(Source data)
———

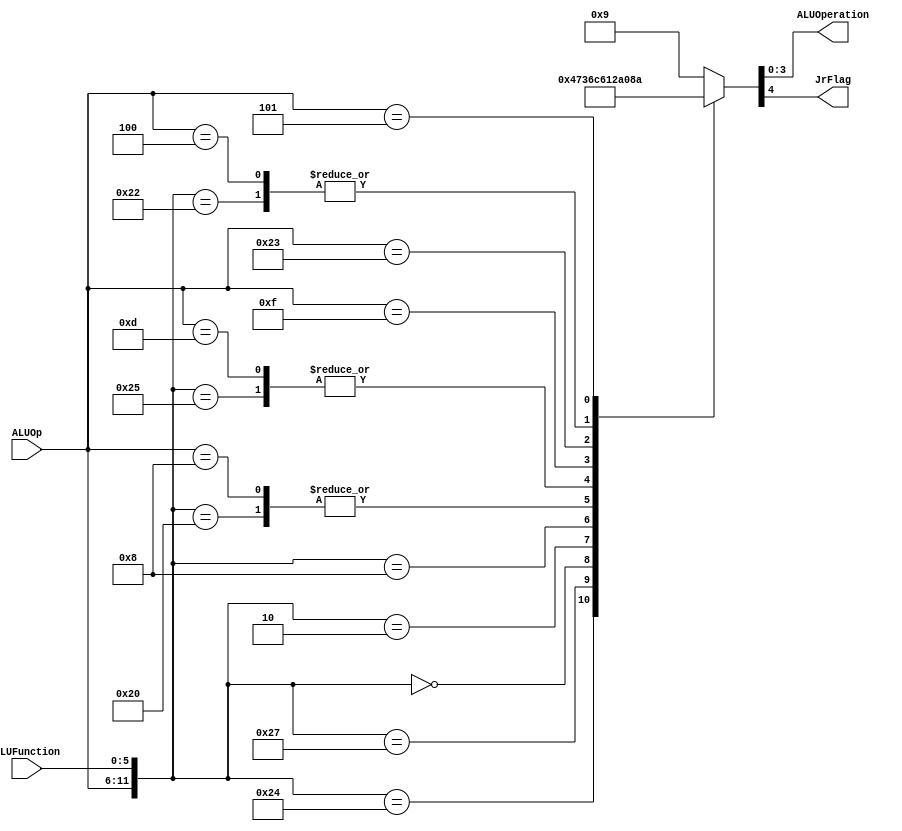
/******************************************************************
* Description
*	This is the control unit for the ALU. It receves an signal called 
*	ALUOp from the control unit and a signal called ALUFunction from
*	the intrctuion field named function.
* Version:
*	1.0
* Author:
*	Dr. Jos Luis Pizano Escalante
* email:
*	luispizano@iteso.mx
* Date:
*	01/03/2014
******************************************************************/
module ALUControl
(
	input [5:0] ALUOp, // <<
	input [5:0] ALUFunction,
	output [3:0] ALUOperation,
	output JrFlag
);
									
								     //ALU Op - ALU Function
localparam R_Type_SLL    = 12'b00_0000_00_0000; // 00/00 // <<
localparam R_Type_SRL	 = 12'b00_0000_00_0010; // 00/02 // <<
localparam R_Type_ADD    = 12'b00_0000_10_0000; // 00/20
localparam R_Type_SUB    = 12'b00_0000_10_0010; // 00/22 // <<
localparam R_Type_AND    = 12'b00_0000_10_0100; // 00/24
localparam R_Type_OR     = 12'b00_0000_10_0101; // 00/25
localparam R_Type_NOR    = 12'b00_0000_10_0111; // 00/27
localparam R_Type_JR 	 = 12'b00_0000_00_1000; // 00/08	// <<
localparam I_Type_ADDI   = 12'b00_1000_xx_xxxx; // 08/00
localparam I_Type_ORI    = 12'b00_1101_xx_xxxx; // 0D/00
localparam I_Type_LUI    = 12'b00_1111_xx_xxxx; // 0F/00 // <<
localparam I_Type_LW     = 12'b10_0011_xx_xxxx; // 23/00 // <<
localparam I_Type_SW     = 12'b10_1011_xx_xxxx; // 2B/00 // <<
localparam I_Type_BEQ    = 12'b00_0100_xx_xxxx; // 04/00 // <<
localparam I_Type_BNE    = 12'b00_0101_xx_xxxx; // 05/00 // <<


reg [4:0] ALUControlValues;
wire [11:0] Selector;

assign Selector = {ALUOp, ALUFunction};

always@(Selector)begin
	casex(Selector)

		R_Type_AND:    ALUControlValues = 5'b0_0000;
		R_Type_OR: 		ALUControlValues = 5'b0_0001;// #
		R_Type_NOR:    ALUControlValues = 5'b0_0010;
		R_Type_ADD:    ALUControlValues = 5'b0_0011;// *
		R_Type_SUB:    ALUControlValues = 5'b0_0100;// =
		R_Type_SLL:    ALUControlValues = 5'b0_0111;// <<
		R_Type_SRL:    ALUControlValues = 5'b0_0110;// <<
		
		R_Type_JR: 		ALUControlValues = 5'b1_1011;// <<
    
		I_Type_ADDI:   ALUControlValues = 5'b0_0011;// *
		I_Type_ORI:    ALUControlValues = 5'b0_0001;// #
		I_Type_LUI:    ALUControlValues = 5'b0_0101;// <<
		I_Type_LW:     ALUControlValues = 5'b0_1000;// <<
		I_Type_SW:     ALUControlValues = 5'b0_1001;// <<
		I_Type_BEQ:    ALUControlValues = 5'b0_0100;// =
		I_Type_BNE:    ALUControlValues = 5'b0_1010;// <<
		default: ALUControlValues = 5'b0_1001;

	endcase
end

assign JrFlag = ALUControlValues[4];
assign ALUOperation = ALUControlValues[3:0];

endmodule
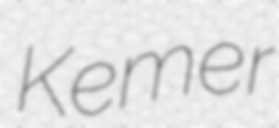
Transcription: Kemer
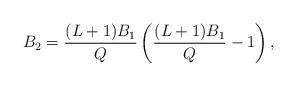
LaTeX: \begin{align*} B_2 = \frac{(L+1)B_1}{Q} \left(\frac{(L+1)B_1}{Q} - 1\right), \end{align*}
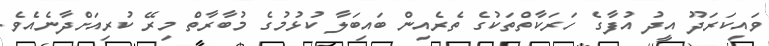
ވައިކަރަދޫ އީދު އުފާގެ ހަރަކާތްތަކުގެ ތެރެއިން ބައިިބަލާ ކުޅުމުގެ މުބާރާތް މިރޭ ކުރިއަށްދާނެއެވެ.
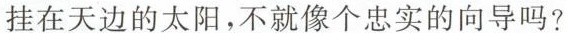
挂在天边的太阳，不就像个忠实的向导吗?
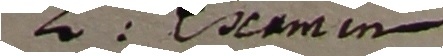
s oamin
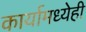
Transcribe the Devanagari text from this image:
कार्यामध्येही
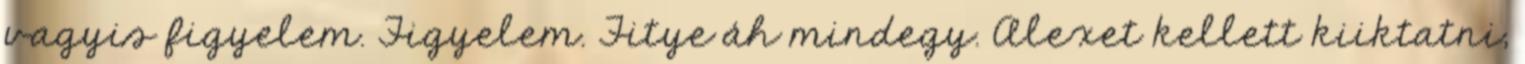
vagyis figyelem. Figyelem. Fitye áh mindegy. Alexet kellett kiiktatni,
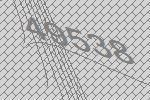
49538
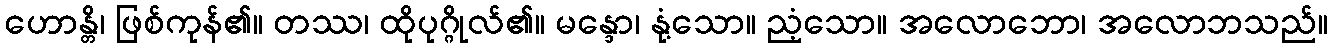
ဟောန္တိ၊ ဖြစ်ကုန်၏။ တဿ၊ ထိုပုဂ္ဂိုလ်၏။ မန္ဒော၊ နုံ့သော။ ညံ့သော။ အလောဘော၊ အလောဘသည်။
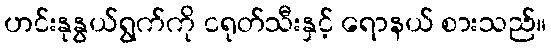
ဟင်းနုနွယ်ရွက်ကို ငရုတ်သီးနှင့် ရောနယ် စားသည်။
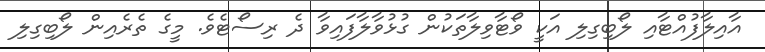
އާއިލާފުއްޓާއި ލޯބިގިލި އަކީ ވޯޓާވިލާތަކުން ގުޅުވާލާފައިވާ ދެ ރިސޯޓެވެ. މީގެ ތެރެއިން ލޯބިގިލި
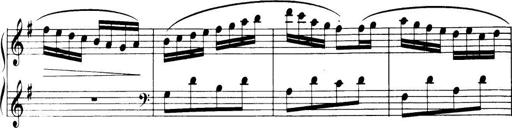
Title: 32 Sonatinas and Rondos for the Piano
Composer: Richard Kleinmichel
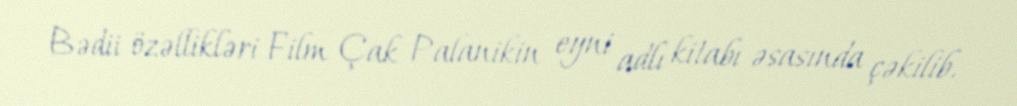
Bədii özəllikləri Film Çak Palanikin eyni adlı kitabı əsasında çəkilib.
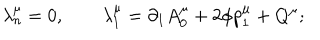
\lambda _ { n } ^ { \mu } = 0 , \qquad \lambda _ { 1 } ^ { \mu } = \partial _ { 1 } A _ { 0 } ^ { \mu } + 2 \phi p _ { 1 } ^ { \mu } + Q ^ { \mu } ;
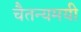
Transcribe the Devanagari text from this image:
चैतन्यमयी
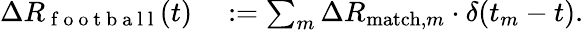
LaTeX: \begin{array}{rl}{\Delta R_{\mathrm{~f~o~o~t~b~a~l~l~}}(t)}&{{}:=\sum_{m}\Delta R_{\mathrm{match},m}\cdot\delta(t_{m}-t).}\end{array}
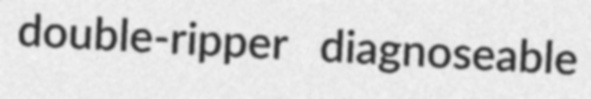
double-ripper diagnoseable
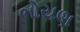
ભોયણ
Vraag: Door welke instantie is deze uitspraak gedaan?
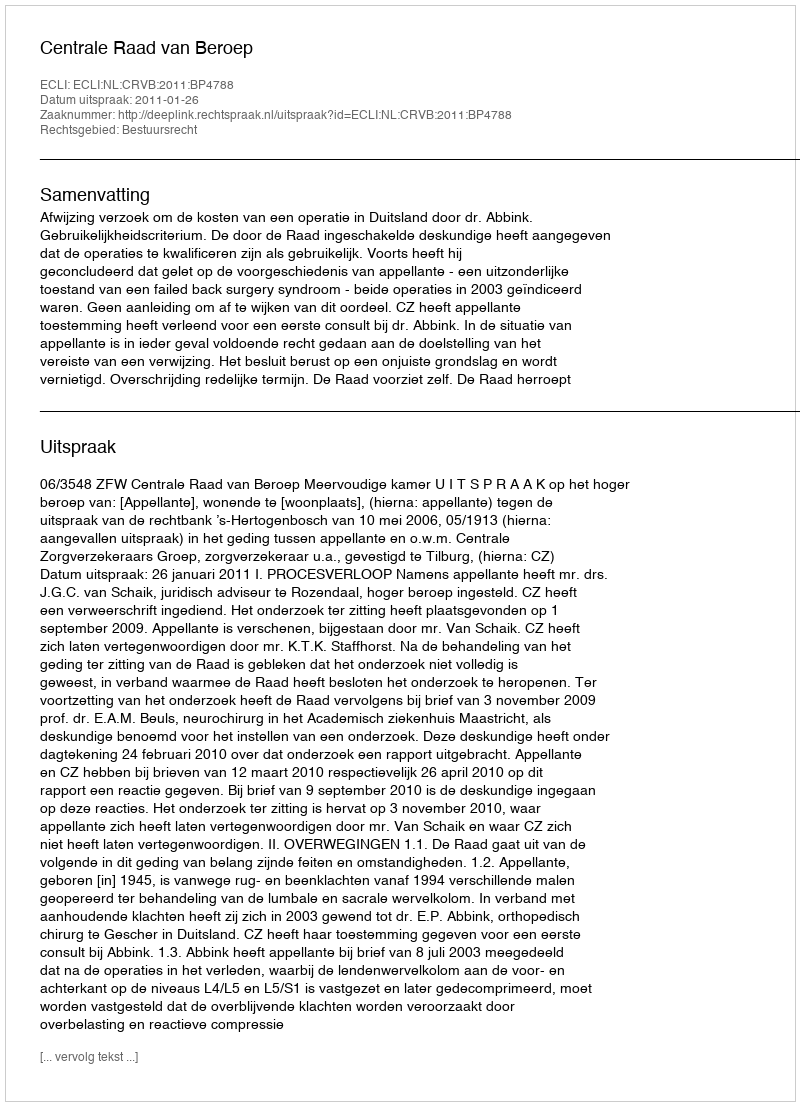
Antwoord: Centrale Raad van Beroep
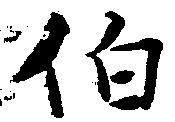
伯
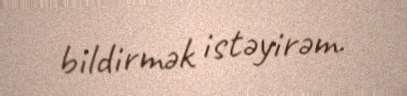
bildirmək istəyirəm.
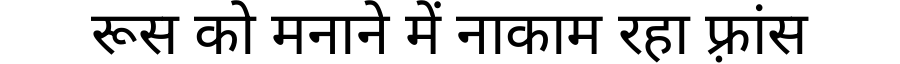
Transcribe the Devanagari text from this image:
रूस को मनाने में नाकाम रहा फ़्रांस
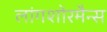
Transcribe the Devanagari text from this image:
लांगशोरमैन्स
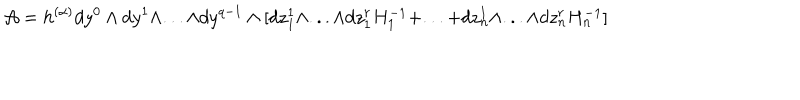
{ \cal A } = h ^ { ( \alpha ) } d y ^ { 0 } \wedge d y ^ { 1 } \wedge . . . \wedge d y ^ { q - 1 } \wedge [ d z _ { 1 } ^ { 1 } \wedge . . . \wedge d z _ { 1 } ^ { r } H _ { 1 } ^ { - 1 } + . . . + d z _ { n } ^ { 1 } \wedge . . . \wedge d z _ { n } ^ { r } H _ { n } ^ { - 1 } ]
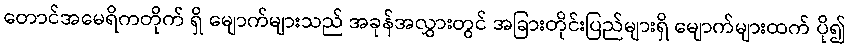
တောင်အမေရိကတိုက် ရှိ မျောက်များသည် အခုန်အလွှားတွင် အခြားတိုင်းပြည်များရှိ မျောက်များထက် ပို၍
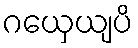
ဂယှေယျပိ
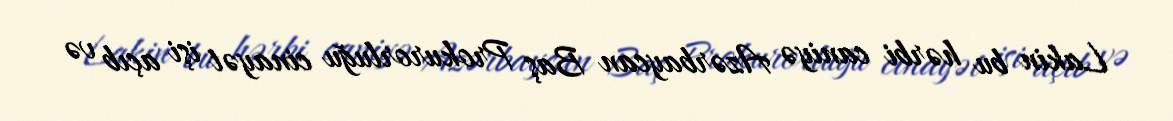
Lakin bu hərbi caniyə Azərbaycan Baş Prokurorluğu cinayət işi açıb və
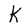
Character: K
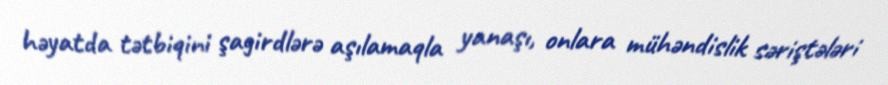
həyatda tətbiqini şagirdlərə aşılamaqla yanaşı, onlara mühəndislik səriştələri
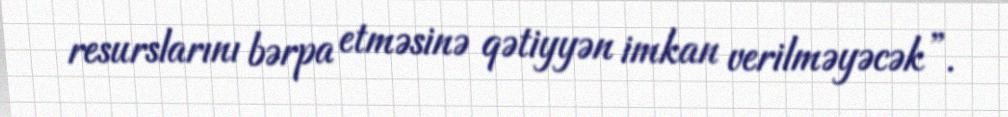
resurslarını bərpa etməsinə qətiyyən imkan verilməyəcək”.
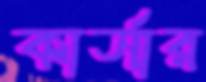
কার্সার
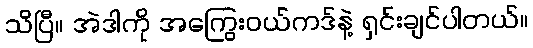
သိပြီ။ အဲဒါကို အကြွေးဝယ်ကဒ်နဲ့ ရှင်းချင်ပါတယ်။
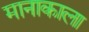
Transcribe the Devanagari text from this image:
मानाकाला
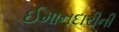
ઈમાનદારીની
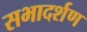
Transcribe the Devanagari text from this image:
सभादर्शण
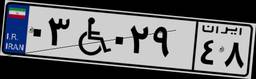
۰۳W۰۲۹۴۸
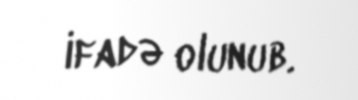
ifadə olunub.
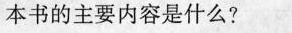
本书的主要内容是什么?
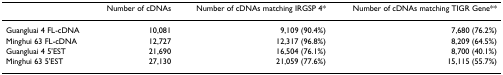
<table><thead><tr><td></td><td><b>Number of cDNAs</b></td><td><b>Number of cDNAs matching IRGSP 4*</b></td><td><b>Number of cDNAs matching TIGR Gene**</b></td></tr></thead><tbody><tr><td>Guangluai 4 FL-cDNA</td><td>10,081</td><td>9,109 (90.4%)</td><td>7,680 (76.2%)</td></tr><tr><td>Minghui 63 FL-cDNA</td><td>12,727</td><td>12,317 (96.8%)</td><td>8,209 (64.5%)</td></tr><tr><td>Guangluai 4 5&#x27;EST</td><td>21,690</td><td>16,504 (76.1%)</td><td>8,700 (40.1%)</td></tr><tr><td>Minghui 63 5&#x27;EST</td><td>27,130</td><td>21,059 (77.6%)</td><td>15,115 (55.7%)</td></tr></tbody></table>
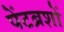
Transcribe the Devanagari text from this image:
पेंटब्रशों
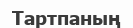
Тартпаның
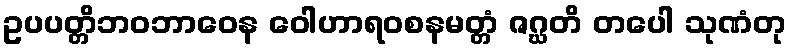
ဥပပတ္တိဘဝဘာဝေန ဝေါဟာရဝစနမတ္တံ ဇဂ္ဃတိ တပေါ သုဏံတု
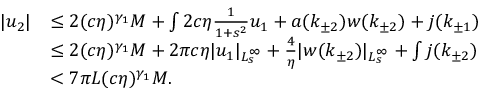
\begin{array} { r l } { \vert u _ { 2 } \vert } & { \le 2 ( c \eta ) ^ { \gamma _ { 1 } } M + \int 2 c \eta \frac 1 { 1 + s ^ { 2 } } u _ { 1 } + a ( k _ { \pm 2 } ) w ( k _ { \pm 2 } ) + j ( k _ { \pm 1 } ) } \\ & { \le 2 ( c \eta ) ^ { \gamma _ { 1 } } M + 2 \pi c \eta \vert u _ { 1 } \vert _ { L _ { s } ^ { \infty } } + \frac 4 \eta \vert w ( k _ { \pm 2 } ) \vert _ { L _ { s } ^ { \infty } } + \int j ( k _ { \pm 2 } ) } \\ & { < 7 \pi L ( c \eta ) ^ { \gamma _ { 1 } } M . } \end{array}
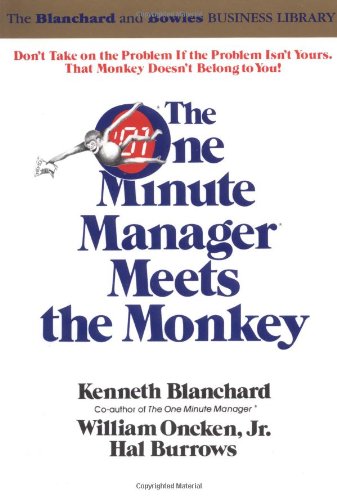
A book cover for The One Minute Manager Meets the Monkey; Ken Blanchard; Business & Money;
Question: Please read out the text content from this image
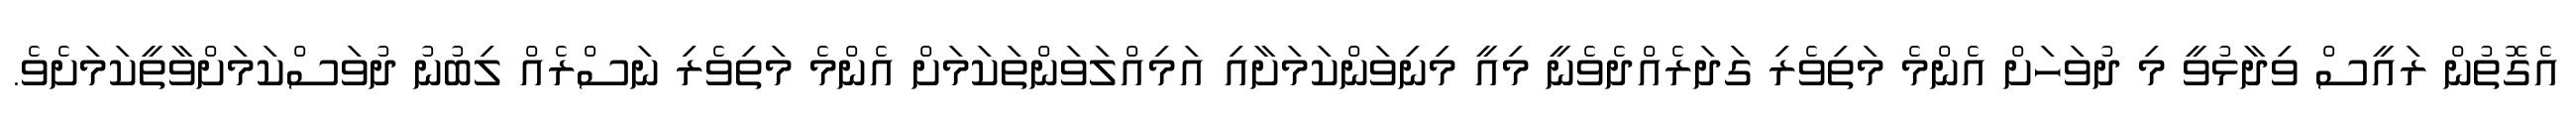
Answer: އެގޮތުން ރައީސް ވިދާޅުވީ މި ދުވަހަށް އެންމެ މަތިވެރި ގަދަރެއްދެވެނީ މިއީ މިނިވަންކަމަށާއި އަމިއްލަވަންތަކަމަށް އެންމެ މަތިވެރި ނަސްރެއް ލިބުނު ދުވަސްކަމަށްވާތީކަމަށެވެ.
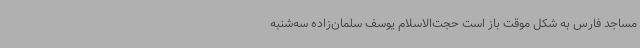
مساجد فارس به شکل موقت باز است حجت‌الاسلام یوسف سلمان‌زاده سه‌شنبه
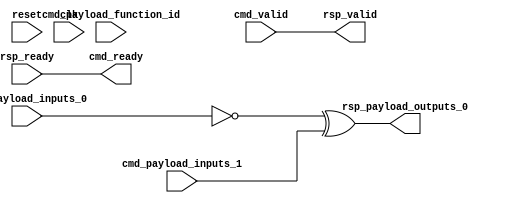
// This program was cloned from: https://github.com/google/CFU-Playground
// License: Apache License 2.0

// Copyright 2021 The CFU-Playground Authors
//
// Licensed under the Apache License, Version 2.0 (the "License");
// you may not use this file except in compliance with the License.
// You may obtain a copy of the License at
//
//      http://www.apache.org/licenses/LICENSE-2.0
//
// Unless required by applicable law or agreed to in writing, software
// distributed under the License is distributed on an "AS IS" BASIS,
// WITHOUT WARRANTIES OR CONDITIONS OF ANY KIND, either express or implied.
// See the License for the specific language governing permissions and
// limitations under the License.



module Cfu (
  input               cmd_valid,
  output              cmd_ready,
  input      [9:0]    cmd_payload_function_id,
  input      [31:0]   cmd_payload_inputs_0,
  input      [31:0]   cmd_payload_inputs_1,
  output              rsp_valid,
  input               rsp_ready,
  output     [31:0]   rsp_payload_outputs_0,
  input               reset,
  input               clk
);

  // Trivial handshaking for a combinational CFU
  assign rsp_valid = cmd_valid;
  assign cmd_ready = rsp_ready;

  //
  // select output -- note that we're not fully decoding the 3 function_id bits
  //
  assign rsp_payload_outputs_0 = ~cmd_payload_inputs_0 ^ cmd_payload_inputs_1;


endmodule
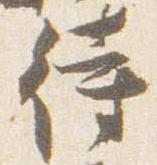
待
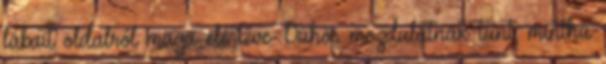
lábait oldalról maga elé téve. Dühös mozdulatnak tűnt, mintha
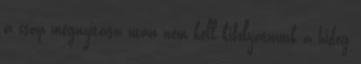
a csap megnyitása után nem kell kifolyatnunk a hideg
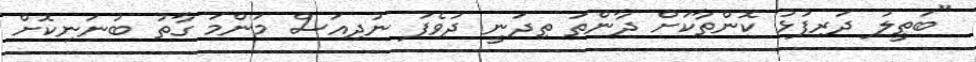
"ބަތީލު ދަރިފުޅު ކޮންތާކަށް ދާންތަ ތިދަނީ ދުވެފަ ނުދިއަސް މަންމަ ގާތު ބުނަނިކޮށް
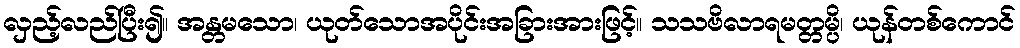
လှည့်လည်ပြီး၍။ အန္တမသော၊ ယုတ်သောအပိုင်းအခြားအားဖြင့်။ သသဗိလာရမတ္တမ္ပိ၊ ယုန်တစ်ကောင်
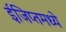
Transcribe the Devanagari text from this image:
ईजिप्तमध्ये
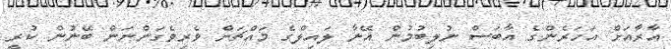
އާރާއަށް އަހަރެންގެ އާބަސް ނުލިބުމުން އޭނާ ލައިލްގެ މައްޗަށް ވެރިވެގަންނަން ބޭނުން ކުރީ
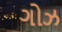
ગોઝ
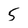
Character: 5

———

- _Exercise details_
Print exactly the lines above that run from the one with "ވައިކަރަދޫ އީދު އުފާގެ" down to the one with "އާއިލާފުއްޓާއި ލޯބިގިލި އަކީ", and omit the pictures.

- _Output of the exercise_
ވައިކަރަދޫ އީދު އުފާގެ ހަރަކާތްތަކުގެ ތެރެއިން ބައިިބަލާ ކުޅުމުގެ މުބާރާތް މިރޭ ކުރިއަށްދާނެއެވެ.
挂在天边的太阳，不就像个忠实的向导吗?
s oamin
Transcribe the Devanagari text from this image:
कार्यामध्येही
vagyis figyelem. Figyelem. Fitye áh mindegy. Alexet kellett kiiktatni,
49538
ဟောန္တိ၊ ဖြစ်ကုန်၏။ တဿ၊ ထိုပုဂ္ဂိုလ်၏။ မန္ဒော၊ နုံ့သော။ ညံ့သော။ အလောဘော၊ အလောဘသည်။
ဟင်းနုနွယ်ရွက်ကို ငရုတ်သီးနှင့် ရောနယ် စားသည်။
އާއިލާފުއްޓާއި ލޯބިގިލި އަކީ ވޯޓާވިލާތަކުން ގުޅުވާލާފައިވާ ދެ ރިސޯޓެވެ. މީގެ ތެރެއިން ލޯބިގިލި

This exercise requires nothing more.